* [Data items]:
[Start of section]

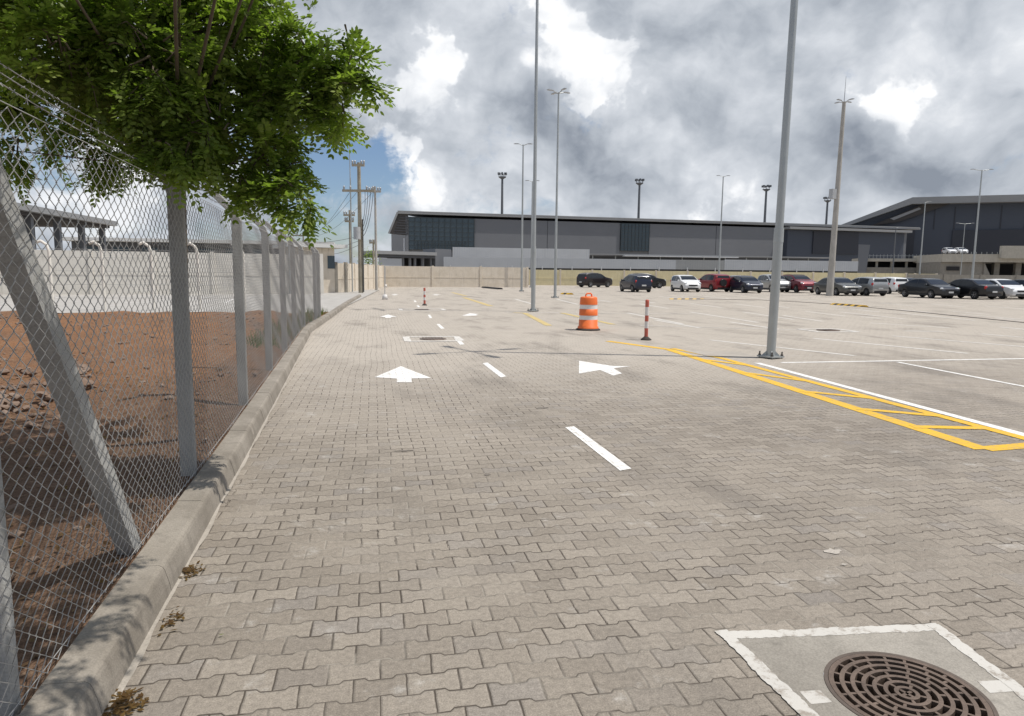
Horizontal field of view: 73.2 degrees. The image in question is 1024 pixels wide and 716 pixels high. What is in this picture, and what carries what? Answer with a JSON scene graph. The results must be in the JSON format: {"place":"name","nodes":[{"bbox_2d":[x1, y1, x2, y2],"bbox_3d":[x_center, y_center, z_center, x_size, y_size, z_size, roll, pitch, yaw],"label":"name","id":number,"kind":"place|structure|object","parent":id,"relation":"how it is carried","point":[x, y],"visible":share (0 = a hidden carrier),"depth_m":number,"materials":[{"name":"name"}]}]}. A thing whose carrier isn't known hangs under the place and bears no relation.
{"place":"outdoors","nodes":[
{"label":"outdoors","id":0,"kind":"place"},
{"bbox_2d":[0,310,326,709],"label":"dirt ground","id":1,"kind":"structure","parent":0,"point":[6,332],"depth_m":5.67,"materials":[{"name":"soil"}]},
{"bbox_2d":[0,354,94,436],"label":"rubble","id":2,"kind":"object","parent":1,"relation":"on","point":[5,405],"visible":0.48,"depth_m":8.04,"materials":[{"name":"stone"}]},
{"bbox_2d":[0,312,313,579],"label":"pebbles","id":3,"kind":"object","parent":1,"relation":"on","point":[13,506],"visible":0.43,"depth_m":8.74,"materials":[{"name":"stone"}]},
{"bbox_2d":[0,61,320,715],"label":"chain link fence","id":4,"kind":"object","parent":1,"relation":"on","point":[21,271],"visible":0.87,"depth_m":3.37,"materials":[{"name":"metal"}]},
{"bbox_2d":[246,307,327,347],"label":"weeds","id":5,"kind":"object","parent":1,"relation":"on","point":[260,342],"visible":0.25,"depth_m":16.52,"materials":[{"name":"green plant"}]},
{"bbox_2d":[0,290,377,312],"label":"yard","id":6,"kind":"structure","parent":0,"point":[330,301],"depth_m":33.05,"materials":[{"name":"concrete"}]},
{"bbox_2d":[17,203,117,250],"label":"open shed","id":7,"kind":"structure","parent":6,"relation":"on","point":[29,219],"depth_m":51.03,"materials":[{"name":"metal"}]},
{"bbox_2d":[0,239,246,310],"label":"wire fence","id":8,"kind":"object","parent":6,"relation":"on","point":[102,269],"visible":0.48,"depth_m":25.89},
{"bbox_2d":[0,249,323,294],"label":"panel wall","id":9,"kind":"structure","parent":6,"relation":"on","point":[42,260],"depth_m":42.49,"materials":[{"name":"concrete"}]},
{"bbox_2d":[272,243,347,292],"bbox_3d":[-14.787,-6.525,50.444,4.202,3.450,5.000,-4,8,-30],"label":"gatehouse","id":10,"kind":"object","parent":6,"relation":"on","point":[326,251],"visible":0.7,"depth_m":49.17,"materials":[{"name":"beige concrete"}]},
{"bbox_2d":[327,256,334,268],"bbox_3d":[-13.299,-7.002,49.946,0.529,1.050,1.640,-4,8,-30],"label":"window","id":11,"kind":"structure","parent":10,"relation":"in","point":[331,259],"depth_m":49.25,"materials":[{"name":"blue glass"}]},
{"bbox_2d":[335,262,347,291],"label":"panel wall","id":12,"kind":"structure","parent":6,"relation":"on","point":[341,276],"depth_m":50.56,"materials":[{"name":"concrete"}]},
{"bbox_2d":[350,178,352,291],"bbox_3d":[-11.978,-9.118,51.477,0.100,8.398,0.095,1,7,0],"label":"utility pole","id":13,"kind":"object","parent":6,"relation":"on","point":[351,239],"visible":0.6,"depth_m":51.49,"materials":[{"name":"concrete"}]},
{"bbox_2d":[342,160,374,292],"bbox_3d":[-10.896,-9.299,49.131,2.300,9.356,0.931,1,7,0],"label":"utility pole","id":14,"kind":"object","parent":6,"relation":"on","point":[358,235],"visible":0.98,"depth_m":49.12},
{"bbox_2d":[368,186,380,289],"bbox_3d":[-11.154,-9.734,56.447,1.080,8.416,0.354,1,7,0],"label":"utility pole","id":15,"kind":"object","parent":6,"relation":"on","point":[378,190],"visible":0.85,"depth_m":56.37,"materials":[{"name":"concrete"}]},
{"bbox_2d":[385,266,528,286],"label":"panel wall","id":16,"kind":"structure","parent":0,"point":[419,276],"depth_m":73.73,"materials":[{"name":"concrete"}]},
{"bbox_2d":[0,0,1023,264],"label":"sky","id":17,"kind":"structure","parent":0,"point":[675,96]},
{"bbox_2d":[107,285,1023,715],"bbox_3d":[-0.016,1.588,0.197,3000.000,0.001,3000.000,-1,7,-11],"label":"ground","id":18,"kind":"structure","parent":0,"point":[373,543],"depth_m":4.69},
{"bbox_2d":[102,687,148,715],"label":"leaf litter","id":19,"kind":"object","parent":18,"relation":"on","point":[121,700],"visible":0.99,"depth_m":2.54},
{"bbox_2d":[158,606,184,635],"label":"leaf litter","id":20,"kind":"object","parent":18,"relation":"on","point":[170,621],"visible":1,"depth_m":3.16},
{"bbox_2d":[18,294,360,715],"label":"kerb","id":21,"kind":"structure","parent":18,"relation":"on","point":[86,675],"depth_m":3.27,"materials":[{"name":"concrete"}]},
{"bbox_2d":[179,560,205,580],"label":"leaf litter","id":22,"kind":"object","parent":18,"relation":"on","point":[188,569],"visible":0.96,"depth_m":3.67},
{"bbox_2d":[62,237,334,253],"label":"building","id":23,"kind":"structure","parent":18,"relation":"on","point":[111,242],"depth_m":74.01,"materials":[{"name":"grey concrete"}]},
{"bbox_2d":[113,247,129,250],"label":"window","id":24,"kind":"structure","parent":23,"relation":"in","point":[120,248],"depth_m":73.48,"materials":[{"name":"grey glass"}]},
{"bbox_2d":[0,0,401,285],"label":"leafy tree","id":25,"kind":"object","parent":18,"relation":"on","point":[112,64],"visible":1,"depth_m":4.33,"materials":[{"name":"green plant"}]},
{"bbox_2d":[105,303,351,714],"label":"gutter strip","id":26,"kind":"object","parent":18,"relation":"on","point":[138,657],"visible":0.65,"depth_m":3.45,"materials":[{"name":"concrete"}]},
{"bbox_2d":[343,210,354,263],"bbox_3d":[-14.430,-9.647,61.476,1.080,6.940,0.335,1,7,0],"label":"utility pole","id":27,"kind":"object","parent":18,"relation":"on","point":[346,218],"visible":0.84,"depth_m":61.19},
{"bbox_2d":[298,192,371,253],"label":"power lines","id":28,"kind":"object","parent":27,"relation":"attached to","point":[339,224],"visible":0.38,"depth_m":59.64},
{"bbox_2d":[343,262,383,291],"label":"panel wall","id":29,"kind":"structure","parent":18,"relation":"on","point":[369,276],"depth_m":60.33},
{"bbox_2d":[354,246,380,264],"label":"shrub","id":30,"kind":"object","parent":18,"relation":"on","point":[369,260],"visible":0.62,"depth_m":73.85,"materials":[{"name":"green plant"}]},
{"bbox_2d":[369,239,374,264],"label":"utility pole","id":31,"kind":"object","parent":18,"relation":"on","point":[372,242],"visible":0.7,"depth_m":65.40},
{"bbox_2d":[382,266,387,299],"bbox_3d":[-7.207,-4.259,39.092,0.320,1.895,0.320,-1,7,-11],"label":"slim post","id":32,"kind":"object","parent":18,"relation":"on","point":[384,297],"visible":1,"depth_m":39.07,"materials":[{"name":"white plastic"}]},
{"bbox_2d":[376,366,429,381],"bbox_3d":[-1.830,0.252,10.794,0.757,0.001,1.711,-3,8,-27],"label":"lane arrow","id":33,"kind":"object","parent":18,"relation":"on","point":[401,374],"visible":1,"depth_m":10.68,"materials":[{"name":"white paint"}]},
{"bbox_2d":[364,249,450,266],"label":"shelter","id":34,"kind":"object","parent":18,"relation":"on","point":[430,257],"visible":0.45,"depth_m":100.46,"materials":[{"name":"metal"}]},
{"bbox_2d":[422,288,426,305],"bbox_3d":[-4.168,-2.929,32.883,0.260,0.842,0.260,-1,7,-11],"label":"striped post","id":35,"kind":"object","parent":18,"relation":"on","point":[424,296],"visible":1,"depth_m":32.85,"materials":[{"name":"red plastic"}]},
{"bbox_2d":[403,336,464,341],"bbox_3d":[-1.893,-0.466,16.530,1.400,0.021,1.260,-1,7,-11],"label":"painted border","id":36,"kind":"object","parent":18,"relation":"on","point":[457,338],"visible":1,"depth_m":16.50,"materials":[{"name":"white paint"}]},
{"bbox_2d":[462,297,491,305],"bbox_3d":[-2.018,-3.151,38.228,0.284,0.001,11.125,-1,7,-11],"label":"yellow line","id":37,"kind":"object","parent":18,"relation":"on","point":[477,301],"visible":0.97,"depth_m":37.73,"materials":[{"name":"paint"}]},
{"bbox_2d":[483,362,504,376],"bbox_3d":[-0.304,0.187,11.443,0.114,0.001,1.770,-1,7,-12],"label":"lane marking","id":38,"kind":"object","parent":18,"relation":"on","point":[494,370],"visible":1,"depth_m":11.31,"materials":[{"name":"white paint"}]},
{"bbox_2d":[498,172,506,213],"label":"floodlight mast","id":39,"kind":"object","parent":18,"relation":"on","point":[503,176],"visible":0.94,"depth_m":211.28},
{"bbox_2d":[453,247,589,268],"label":"metal hoarding","id":40,"kind":"object","parent":18,"relation":"on","point":[511,252],"visible":0.3,"depth_m":110.07,"materials":[{"name":"metal"}]},
{"bbox_2d":[514,143,530,291],"bbox_3d":[0.871,-11.754,58.080,1.570,12.260,0.420,1,7,0],"label":"lamp post","id":41,"kind":"object","parent":18,"relation":"on","point":[521,283],"visible":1,"depth_m":58.10,"materials":[{"name":"metal"}]},
{"bbox_2d":[525,180,538,287],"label":"lamp post","id":42,"kind":"object","parent":18,"relation":"on","point":[531,228],"visible":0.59,"depth_m":74.23,"materials":[{"name":"metal"}]},
{"bbox_2d":[513,312,551,325],"bbox_3d":[0.788,-1.415,24.447,0.574,0.001,6.951,0,7,-9],"label":"yellow line","id":43,"kind":"object","parent":18,"relation":"on","point":[537,319],"visible":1,"depth_m":23.72,"materials":[{"name":"paint"}]},
{"bbox_2d":[527,0,538,310],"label":"lamp post","id":44,"kind":"object","parent":18,"relation":"on","point":[533,273],"visible":1,"depth_m":27.95,"materials":[{"name":"metal"}]},
{"bbox_2d":[547,88,569,297],"bbox_3d":[2.829,-10.221,43.580,1.252,12.823,1.252,3,7,16],"label":"lamp post","id":45,"kind":"object","parent":18,"relation":"on","point":[555,256],"visible":0.98,"depth_m":43.55,"materials":[{"name":"metal"}]},
{"bbox_2d":[576,293,599,330],"bbox_3d":[2.165,-1.320,19.541,0.690,1.056,0.690,-3,8,-28],"label":"traffic drum","id":46,"kind":"object","parent":18,"relation":"on","point":[588,314],"visible":1,"depth_m":19.33,"materials":[{"name":"orange plastic"}]},
{"bbox_2d":[576,273,612,286],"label":"parked suv","id":47,"kind":"object","parent":18,"relation":"on","point":[592,279],"visible":1,"depth_m":78.78,"materials":[{"name":"brown paint"}]},
{"bbox_2d":[565,426,630,469],"bbox_3d":[0.771,0.817,6.444,0.115,0.001,1.643,-1,7,-12],"label":"lane marking","id":48,"kind":"object","parent":18,"relation":"on","point":[616,462],"visible":1,"depth_m":6.30,"materials":[{"name":"white paint"}]},
{"bbox_2d":[579,361,627,375],"bbox_3d":[1.593,0.168,11.754,0.900,0.001,1.760,1,7,5],"label":"lane arrow","id":49,"kind":"object","parent":18,"relation":"on","point":[584,367],"visible":1,"depth_m":11.77,"materials":[{"name":"white paint"}]},
{"bbox_2d":[619,274,651,291],"bbox_3d":[11.017,-6.697,61.665,2.103,1.538,4.009,-1,7,-12],"label":"parked hatchback","id":50,"kind":"object","parent":18,"relation":"on","point":[634,282],"visible":1,"depth_m":59.94,"materials":[{"name":"blue paint"}]},
{"bbox_2d":[635,178,644,217],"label":"floodlight mast","id":51,"kind":"object","parent":18,"relation":"on","point":[639,184],"visible":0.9,"depth_m":216.51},
{"bbox_2d":[641,299,650,340],"bbox_3d":[3.270,-0.927,16.754,0.260,0.985,0.260,-1,7,-11],"label":"striped post","id":52,"kind":"object","parent":18,"relation":"on","point":[646,337],"visible":1,"depth_m":16.71,"materials":[{"name":"red plastic"}]},
{"bbox_2d":[629,273,665,287],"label":"parked suv","id":53,"kind":"object","parent":18,"relation":"on","point":[658,282],"visible":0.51,"depth_m":77.53,"materials":[{"name":"black paint"}]},
{"bbox_2d":[444,257,857,272],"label":"metal hoarding","id":54,"kind":"object","parent":18,"relation":"on","point":[696,265],"visible":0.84,"depth_m":106.82,"materials":[{"name":"metal"}]},
{"bbox_2d":[388,211,920,258],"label":"terminal","id":55,"kind":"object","parent":18,"relation":"on","point":[419,231],"visible":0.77,"depth_m":160.56,"materials":[{"name":"grey metal"}]},
{"bbox_2d":[670,275,701,291],"bbox_3d":[16.098,-6.944,64.072,2.103,1.538,4.009,0,7,-7],"label":"parked hatchback","id":56,"kind":"object","parent":18,"relation":"on","point":[681,283],"visible":1,"depth_m":63.00,"materials":[{"name":"white paint"}]},
{"bbox_2d":[589,254,828,270],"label":"covered walkway","id":57,"kind":"structure","parent":18,"relation":"on","point":[661,257],"depth_m":125.06,"materials":[{"name":"metal"}]},
{"bbox_2d":[698,274,730,291],"bbox_3d":[19.131,-7.187,65.706,2.176,1.678,4.452,-1,7,-12],"label":"parked suv","id":58,"kind":"object","parent":18,"relation":"on","point":[712,282],"visible":0.86,"depth_m":63.98,"materials":[{"name":"red paint"}]},
{"bbox_2d":[528,269,907,285],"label":"panel wall","id":59,"kind":"structure","parent":18,"relation":"on","point":[564,277],"depth_m":90.39,"materials":[{"name":"concrete"}]},
{"bbox_2d":[684,350,756,356],"bbox_3d":[4.230,-0.090,14.030,1.391,0.001,0.903,2,7,9],"label":"pole pad paint","id":60,"kind":"object","parent":18,"relation":"on","point":[720,353],"visible":1,"depth_m":14.02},
{"bbox_2d":[716,175,729,273],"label":"lamp post","id":61,"kind":"object","parent":18,"relation":"on","point":[720,225],"visible":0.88,"depth_m":83.18,"materials":[{"name":"metal"}]},
{"bbox_2d":[700,359,752,365],"bbox_3d":[3.909,0.077,12.655,0.143,0.001,1.124,-5,9,-37],"label":"yellow hatch","id":62,"kind":"object","parent":18,"relation":"on","point":[727,362],"visible":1,"depth_m":12.62,"materials":[{"name":"paint"}]},
{"bbox_2d":[729,275,763,292],"bbox_3d":[21.196,-6.716,62.644,2.103,1.538,4.009,0,7,-7],"label":"parked hatchback","id":63,"kind":"object","parent":18,"relation":"on","point":[743,283],"visible":1,"depth_m":61.63,"materials":[{"name":"blue paint"}]},
{"bbox_2d":[761,185,771,221],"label":"floodlight mast","id":64,"kind":"object","parent":18,"relation":"on","point":[765,203],"visible":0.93,"depth_m":221.68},
{"bbox_2d":[715,629,818,715],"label":"manhole border","id":65,"kind":"object","parent":18,"relation":"on","point":[797,703],"visible":1,"depth_m":2.76,"materials":[{"name":"white paint"}]},
{"bbox_2d":[758,274,790,291],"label":"parked suv","id":66,"kind":"object","parent":18,"relation":"on","point":[765,280],"visible":0.47,"depth_m":65.65,"materials":[{"name":"silver metal"}]},
{"bbox_2d":[739,372,811,381],"bbox_3d":[4.167,0.293,10.930,0.143,0.001,1.213,-5,9,-39],"label":"yellow hatch","id":67,"kind":"object","parent":18,"relation":"on","point":[776,376],"visible":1,"depth_m":10.93,"materials":[{"name":"paint"}]},
{"bbox_2d":[757,0,797,358],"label":"lamp post","id":68,"kind":"object","parent":18,"relation":"on","point":[770,351],"visible":1,"depth_m":13.01,"materials":[{"name":"metal"}]},
{"bbox_2d":[712,340,855,355],"bbox_3d":[5.887,-0.248,15.452,0.143,0.001,3.700,-4,8,-34],"label":"parking bay line","id":69,"kind":"object","parent":18,"relation":"on","point":[786,348],"visible":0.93,"depth_m":15.15,"materials":[{"name":"white paint"}]},
{"bbox_2d":[607,341,982,448],"bbox_3d":[3.623,0.219,11.507,0.911,0.001,10.308,-1,7,-11],"label":"yellow line","id":70,"kind":"object","parent":18,"relation":"on","point":[969,444],"visible":1,"depth_m":8.62,"materials":[{"name":"paint"}]},
{"bbox_2d":[780,274,815,292],"bbox_3d":[26.983,-7.048,65.197,2.176,1.682,4.259,0,7,-7],"label":"parked suv","id":71,"kind":"object","parent":18,"relation":"on","point":[800,282],"visible":0.74,"depth_m":63.91,"materials":[{"name":"paint"}]},
{"bbox_2d":[823,197,830,223],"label":"floodlight mast","id":72,"kind":"object","parent":18,"relation":"on","point":[827,201],"visible":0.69,"depth_m":246.74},
{"bbox_2d":[799,329,860,331],"bbox_3d":[9.290,-0.819,20.284,1.400,0.021,1.160,-1,7,-11],"label":"drain cover","id":73,"kind":"object","parent":18,"relation":"on","point":[830,330],"visible":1,"depth_m":20.11,"materials":[{"name":"white paint"}]},
{"bbox_2d":[824,548,840,553],"bbox_3d":[1.875,1.127,4.036,0.096,0.001,0.090,4,8,26],"label":"paint spill","id":74,"kind":"object","parent":18,"relation":"on","point":[830,550],"visible":1,"depth_m":4.02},
{"bbox_2d":[799,390,875,398],"bbox_3d":[4.396,0.493,9.336,0.946,0.001,0.142,5,9,35],"label":"yellow hatch","id":75,"kind":"object","parent":18,"relation":"on","point":[838,394],"visible":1,"depth_m":9.33,"materials":[{"name":"paint"}]},
{"bbox_2d":[813,277,861,295],"bbox_3d":[26.955,-5.968,57.290,2.162,1.483,4.609,0,7,-7],"label":"parked sedan","id":76,"kind":"object","parent":18,"relation":"on","point":[843,285],"visible":0.91,"depth_m":56.08,"materials":[{"name":"grey paint"}]},
{"bbox_2d":[826,81,854,295],"bbox_3d":[25.402,-13.251,53.795,1.343,16.741,1.272,3,7,16],"label":"utility pole","id":77,"kind":"object","parent":18,"relation":"on","point":[834,194],"visible":1,"depth_m":53.75,"materials":[{"name":"concrete"}]},
{"bbox_2d":[782,226,911,260],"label":"annex","id":78,"kind":"object","parent":18,"relation":"on","point":[805,242],"visible":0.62,"depth_m":175.48,"materials":[{"name":"metal"}]},
{"bbox_2d":[670,348,1023,439],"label":"yellow line","id":79,"kind":"object","parent":18,"relation":"on","point":[929,412],"visible":1,"depth_m":8.79,"materials":[{"name":"paint"}]},
{"bbox_2d":[830,303,867,306],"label":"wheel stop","id":80,"kind":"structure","parent":18,"relation":"on","point":[855,305],"depth_m":36.91,"materials":[{"name":"yellow paint"}]},
{"bbox_2d":[844,277,888,295],"bbox_3d":[29.395,-5.998,57.510,2.103,1.538,4.009,-1,7,-10],"label":"parked hatchback","id":81,"kind":"object","parent":18,"relation":"on","point":[875,285],"visible":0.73,"depth_m":55.73,"materials":[{"name":"silver metal"}]},
{"bbox_2d":[720,299,1023,322],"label":"parking bay line","id":82,"kind":"object","parent":18,"relation":"on","point":[883,308],"visible":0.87,"depth_m":32.08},
{"bbox_2d":[737,630,1023,715],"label":"manhole pad","id":83,"kind":"object","parent":18,"relation":"on","point":[796,665],"visible":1,"depth_m":2.92,"materials":[{"name":"concrete"}]},
{"bbox_2d":[799,690,830,703],"bbox_3d":[1.158,1.294,2.636,0.089,0.001,0.085,-1,7,-11],"label":"paint patch","id":84,"kind":"object","parent":83,"relation":"on","point":[815,696],"visible":1,"depth_m":2.64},
{"bbox_2d":[729,623,1023,699],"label":"manhole border","id":85,"kind":"object","parent":83,"relation":"on","point":[990,668],"visible":1,"depth_m":3.10,"materials":[{"name":"white paint"}]},
{"bbox_2d":[978,680,1012,692],"bbox_3d":[1.907,1.291,2.713,0.122,0.001,0.078,0,7,-4],"label":"paint patch","id":86,"kind":"object","parent":83,"relation":"on","point":[993,686],"visible":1,"depth_m":2.71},
{"bbox_2d":[813,338,962,352],"bbox_3d":[8.674,-0.301,16.108,0.144,0.001,3.660,-4,8,-31],"label":"parking bay line","id":87,"kind":"object","parent":18,"relation":"on","point":[890,345],"visible":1,"depth_m":16.02,"materials":[{"name":"white paint"}]},
{"bbox_2d":[756,363,1023,435],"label":"white line","id":88,"kind":"object","parent":18,"relation":"on","point":[941,412],"visible":1,"depth_m":8.73,"materials":[{"name":"paint"}]},
{"bbox_2d":[852,244,927,273],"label":"access ramp","id":89,"kind":"structure","parent":18,"relation":"on","point":[866,264],"depth_m":138.96,"materials":[{"name":"concrete"}]},
{"bbox_2d":[882,277,907,293],"bbox_3d":[34.767,-6.753,64.033,2.103,1.538,4.009,-1,7,-10],"label":"parked hatchback","id":90,"kind":"object","parent":18,"relation":"on","point":[894,282],"visible":0.27,"depth_m":62.19,"materials":[{"name":"white paint"}]},
{"bbox_2d":[892,227,898,272],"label":"lamp post","id":91,"kind":"object","parent":18,"relation":"on","point":[894,251],"visible":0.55,"depth_m":99.46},
{"bbox_2d":[856,407,942,416],"bbox_3d":[4.573,0.640,8.164,0.901,0.001,0.141,4,8,27],"label":"yellow hatch","id":92,"kind":"object","parent":18,"relation":"on","point":[914,413],"visible":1,"depth_m":8.15,"materials":[{"name":"paint"}]},
{"bbox_2d":[781,358,1023,362],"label":"white line","id":93,"kind":"object","parent":18,"relation":"on","point":[899,360],"visible":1,"depth_m":13.19,"materials":[{"name":"paint"}]},
{"bbox_2d":[824,651,998,715],"bbox_3d":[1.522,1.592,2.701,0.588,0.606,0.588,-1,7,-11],"label":"manhole grate","id":94,"kind":"object","parent":18,"relation":"in","point":[867,683],"visible":0.98,"depth_m":2.70,"materials":[{"name":"metal"}]},
{"bbox_2d":[919,201,931,273],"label":"lamp post","id":95,"kind":"object","parent":18,"relation":"on","point":[922,239],"visible":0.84,"depth_m":94.28,"materials":[{"name":"metal"}]},
{"bbox_2d":[898,278,959,297],"bbox_3d":[31.805,-5.359,52.770,2.162,1.483,4.609,-1,7,-10],"label":"parked sedan","id":96,"kind":"object","parent":18,"relation":"on","point":[929,287],"visible":1,"depth_m":51.91,"materials":[{"name":"grey paint"}]},
{"bbox_2d":[842,194,1023,258],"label":"terminal hall","id":97,"kind":"structure","parent":18,"relation":"on","point":[1001,220],"depth_m":191.33,"materials":[{"name":"metal"}]},
{"bbox_2d":[910,425,989,428],"bbox_3d":[4.680,0.739,7.373,0.790,0.001,0.142,1,7,3],"label":"yellow hatch","id":98,"kind":"object","parent":18,"relation":"on","point":[950,427],"visible":1,"depth_m":7.37,"materials":[{"name":"paint"}]},
{"bbox_2d":[898,362,1023,386],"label":"white line","id":99,"kind":"object","parent":18,"relation":"on","point":[962,374],"visible":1,"depth_m":11.38,"materials":[{"name":"paint"}]},
{"bbox_2d":[898,336,1023,346],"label":"parking bay line","id":100,"kind":"object","parent":18,"relation":"on","point":[960,341],"visible":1,"depth_m":17.20,"materials":[{"name":"white paint"}]},
{"bbox_2d":[907,274,1023,282],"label":"panel wall","id":101,"kind":"structure","parent":18,"relation":"on","point":[947,278],"depth_m":92.72,"materials":[{"name":"concrete"}]},
{"bbox_2d":[960,223,970,274],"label":"lamp post","id":102,"kind":"object","parent":18,"relation":"on","point":[962,248],"visible":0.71,"depth_m":111.38,"materials":[{"name":"metal"}]},
{"bbox_2d":[913,246,1023,274],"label":"viaduct","id":103,"kind":"object","parent":18,"relation":"on","point":[1007,260],"visible":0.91,"depth_m":125.34,"materials":[{"name":"concrete"}]},
{"bbox_2d":[941,248,956,253],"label":"parked hatchback","id":104,"kind":"object","parent":103,"relation":"on","point":[949,250],"visible":0.83,"depth_m":148.86,"materials":[{"name":"white paint"}]},
{"bbox_2d":[954,248,967,253],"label":"parked hatchback","id":105,"kind":"object","parent":103,"relation":"on","point":[959,250],"visible":0.76,"depth_m":148.73,"materials":[{"name":"white paint"}]},
{"bbox_2d":[941,279,1003,298],"bbox_3d":[34.152,-5.202,51.691,2.162,1.483,4.609,-1,7,-12],"label":"parked sedan","id":106,"kind":"object","parent":18,"relation":"on","point":[974,288],"visible":0.73,"depth_m":50.29,"materials":[{"name":"black paint"}]},
{"bbox_2d":[970,169,993,278],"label":"lamp post","id":107,"kind":"object","parent":18,"relation":"on","point":[973,265],"visible":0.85,"depth_m":71.29,"materials":[{"name":"metal"}]},
{"bbox_2d":[977,443,1023,450],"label":"yellow line","id":108,"kind":"object","parent":18,"relation":"on","point":[1005,447],"visible":1,"depth_m":6.53,"materials":[{"name":"paint"}]},
{"bbox_2d":[984,279,1023,298],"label":"parked sedan","id":109,"kind":"object","parent":18,"relation":"on","point":[1012,288],"visible":0.4,"depth_m":51.06,"materials":[{"name":"white paint"}]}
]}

[End of section]

Count the lines in the records above that contain the word "window", and reply with that number alone.

* [Task result]:
2